§ **Assigned task**: The entries are to be printed again word for word, but no picture may appear.

§ **Source data**:
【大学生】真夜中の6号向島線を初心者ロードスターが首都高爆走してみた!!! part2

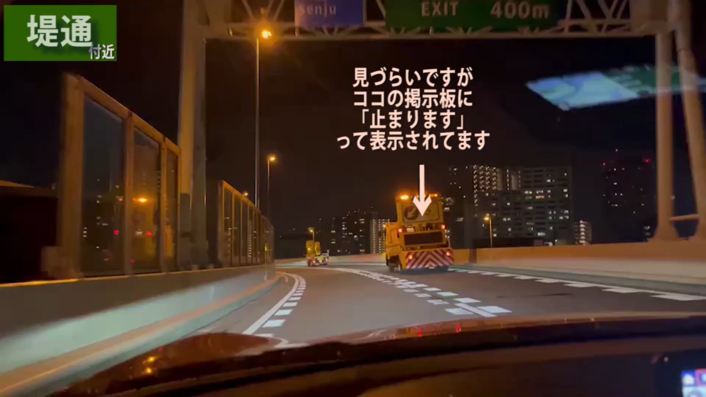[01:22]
車線、これどんどん落としてってんのか、走りながらで切ってくんだね。そうそうそう、もうこっちは工事ですよと。そうでしょ、多分。面白い。 絶賛落としてる。 そうそう、多分落としてんじゃない。頑張れば落とすとこ見れるから。
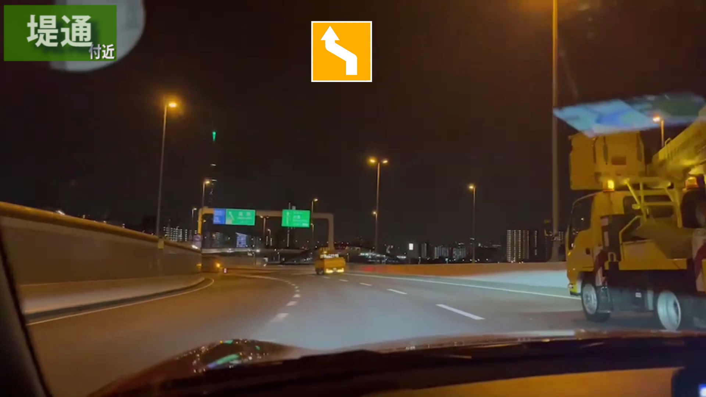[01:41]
なんか最高尾っぽくない 。うん、最高尾 としたら、 あの、この前の人が落としてた、あの、踏みつけてタイヤ燃えるだろう。ああ、ということで、この辺のエリアを抜けました。 開けてる。気持ちいいよ。 気持ちいいでしょ、屋根開いてると。いいでし
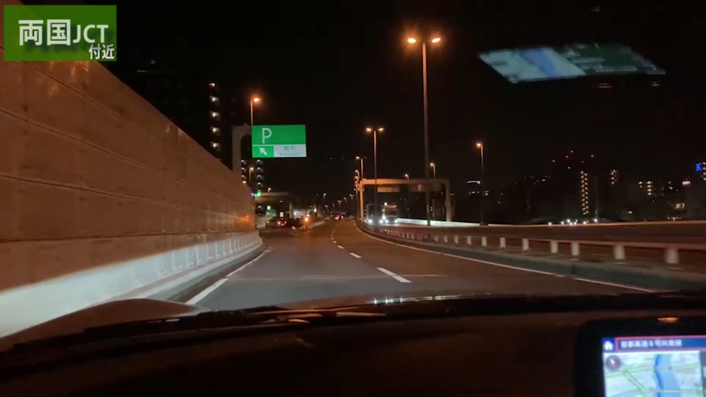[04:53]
ここパーキングだよ。 あ、ここね、駒形ね。 そう、これなんつんだっけ、駒形パーキングエリアかな。そうだね、 パーキングエリア、ほんとなん 放尿する場所なのよ。 はい、間違いない。サービスエリアとかでご飯とか食べるところとかあったら面白いかもね。 ああ、 シーンとして、 まあ、ちょっとそういうとこにもね、今後行けたらなというふうに思ってるわけではあります。まあね、その手元からだカメラでなんかいろんなとこ映してもらって、
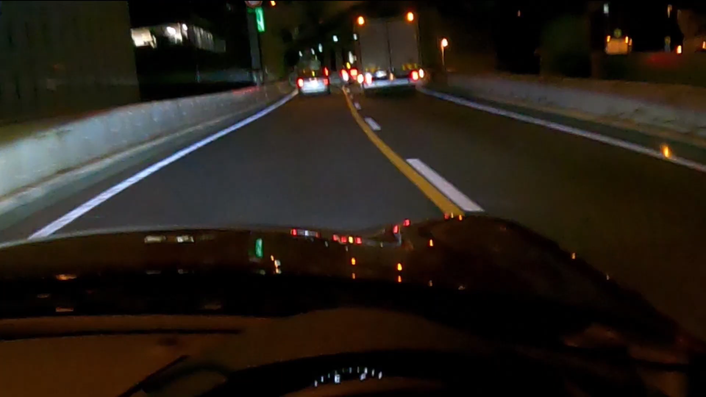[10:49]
そう、 最近気づいた。うん、普通のほらだってあのトラックヤバくない？ガン詰めしとるやん。ほら めちゃくちゃ飛ばしてるし、 ね、うん、バカでしょ。あのブレーキでカーブでブレーキ踏まないといけないぐらい飛ばしてるってことで、ちょっと効率悪いよね。 あのさ、 うん、 前の車ラインについ てた、うん、うん、 あれはその効率的には OK？ いやダメ。 あ、ダメなの？ あれ多分パトカーいたら捕まるんじゃないか。 あ、取り締まられる。
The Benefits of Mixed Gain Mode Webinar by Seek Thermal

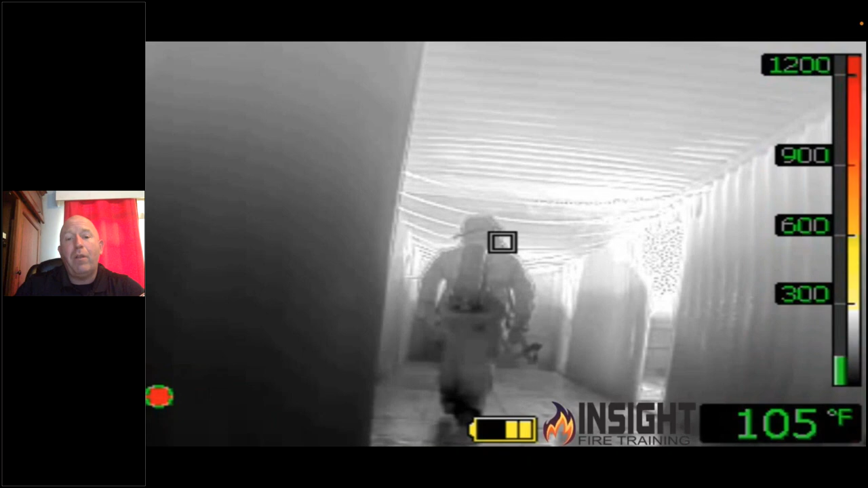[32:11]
On screen: spot 105°F
occurs in a lot of cameras you saw the firefighter freeze for a second then he was like he went 10 feet in a flash he didn't that's the camera catching up so firefighters often scan too fast
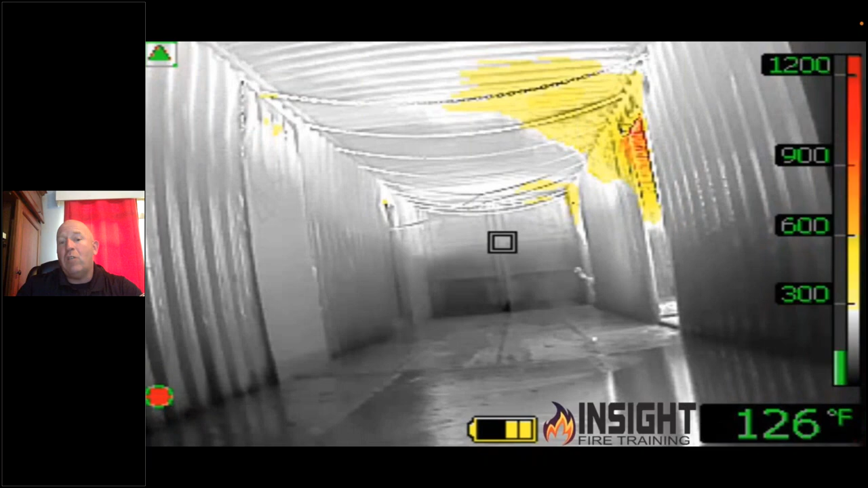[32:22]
On screen: spot 126°F
and miss this game change or mode change and don't realize oh that's bad that's hot wow i should pay attention to that but if you don't do this type of training where you're able to let them sit there and
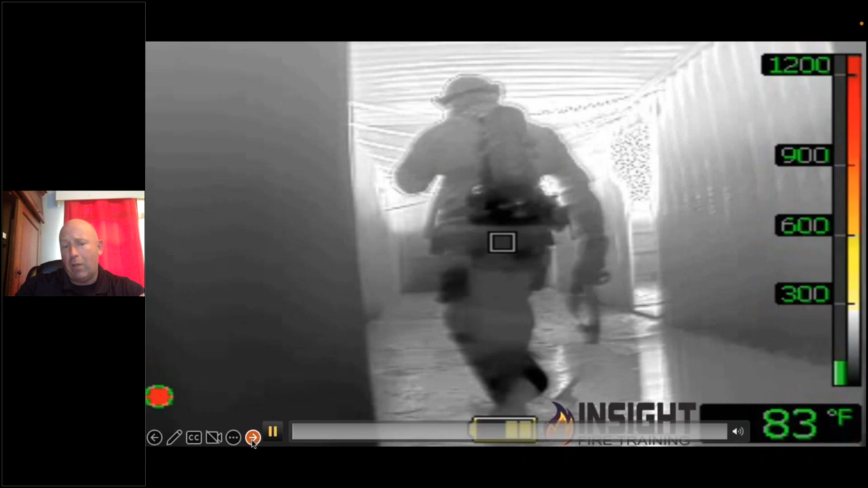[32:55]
On screen: spot 83°F
and this is how it affects your ability to see the victim this is my hand as i move it
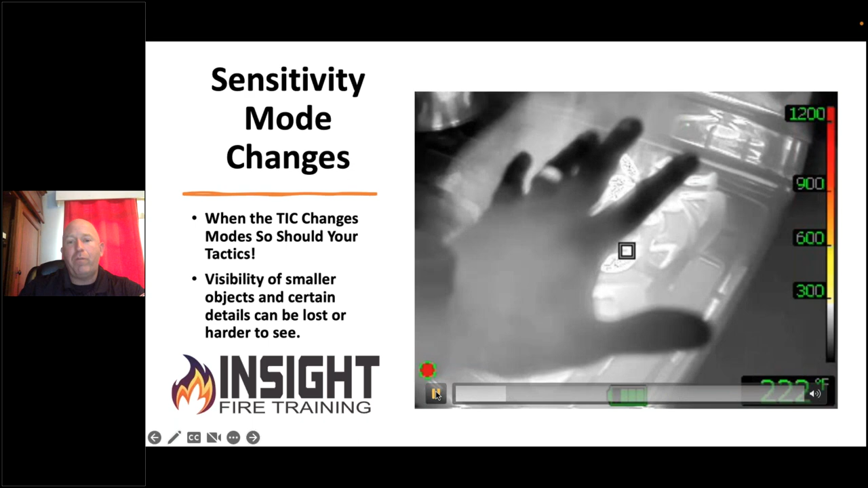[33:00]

§ **Your solution**:
【大学生】真夜中の6号向島線を初心者ロードスターが首都高爆走してみた!!! part2

[01:22]
車線、これどんどん落としてってんのか、走りながらで切ってくんだね。そうそうそう、もうこっちは工事ですよと。そうでしょ、多分。面白い。 絶賛落としてる。 そうそう、多分落としてんじゃない。頑張れば落とすとこ見れるから。
[01:41]
なんか最高尾っぽくない 。うん、最高尾 としたら、 あの、この前の人が落としてた、あの、踏みつけてタイヤ燃えるだろう。ああ、ということで、この辺のエリアを抜けました。 開けてる。気持ちいいよ。 気持ちいいでしょ、屋根開いてると。いいでし
[04:53]
ここパーキングだよ。 あ、ここね、駒形ね。 そう、これなんつんだっけ、駒形パーキングエリアかな。そうだね、 パーキングエリア、ほんとなん 放尿する場所なのよ。 はい、間違いない。サービスエリアとかでご飯とか食べるところとかあったら面白いかもね。 ああ、 シーンとして、 まあ、ちょっとそういうとこにもね、今後行けたらなというふうに思ってるわけではあります。まあね、その手元からだカメラでなんかいろんなとこ映してもらって、
[10:49]
そう、 最近気づいた。うん、普通のほらだってあのトラックヤバくない？ガン詰めしとるやん。ほら めちゃくちゃ飛ばしてるし、 ね、うん、バカでしょ。あのブレーキでカーブでブレーキ踏まないといけないぐらい飛ばしてるってことで、ちょっと効率悪いよね。 あのさ、 うん、 前の車ラインについ てた、うん、うん、 あれはその効率的には OK？ いやダメ。 あ、ダメなの？ あれ多分パトカーいたら捕まるんじゃないか。 あ、取り締まられる。
The Benefits of Mixed Gain Mode Webinar by Seek Thermal

[32:11]
On screen: spot 105°F
occurs in a lot of cameras you saw the firefighter freeze for a second then he was like he went 10 feet in a flash he didn't that's the camera catching up so firefighters often scan too fast
[32:22]
On screen: spot 126°F
and miss this game change or mode change and don't realize oh that's bad that's hot wow i should pay attention to that but if you don't do this type of training where you're able to let them sit there and
[32:55]
On screen: spot 83°F
and this is how it affects your ability to see the victim this is my hand as i move it
[33:00]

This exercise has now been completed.